I have been working on possible applications of deep learning techniques in creation and/or performance of new music pieces since around 2017-2018. I made a presentation on the topic in March 2018, at Ircam. Since then, the field has been really fast moving, and I found myself constantly trying to update my methods with cutting edge results, which resulted in me postponing making actual music with what I have learned over the years. With this piece I have finally started applying the knowledge I gathered.
The system is based on Google Magenta's DDSP, Differentiable Digital Signal Processing. The core idea behind DDSP is to treat the instrument sound as a synthesizer, instead of raw audio. Most western instruments have harmonic overtones. Even the ones that deviate from pure harmonic ratios do so by a very small amount. So, it makes sense to model an instrument based on a harmonic additive synthesizer, a band limited noise generator for bow sounds, breath sounds, etc., and a reverb for modeling the resonance of the instrument body. This way, the actual neural network is a recurrent one that learns to control all parameters of these three components given the pitch and amplitude of a monophonic recording of desired instrument.
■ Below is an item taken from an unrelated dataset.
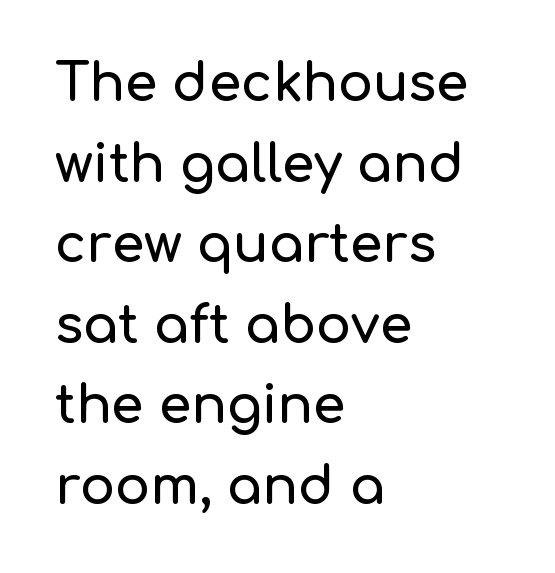
The text was rendered using a sans face with plain stroke endings. Is there much room between lines? A standard amount, neither cramped nor airy. The passage shown is typed in a proportional face where columns would drift. A typesetter would call this zero additional tracking. Descenders are the only things crossing below the line.

The Magenta team have released pre-trained networks for violin, flute, and a couple of other instruments. I have trained my own networks on viola and cello recordings, and I have composed a 4-minute piece for 2 flutes, 2 violins, viola, and cello, using graphic notation. The code used to generate the piece, and the accompanying video-score is freely available on my GitHub page, although it is a bit of a mess right now. It has two sections. First is based on increasingly deeper fractal elaborations of a simple initial motif, the second is based on stretched harmonic overtones. I hope you enjoy it.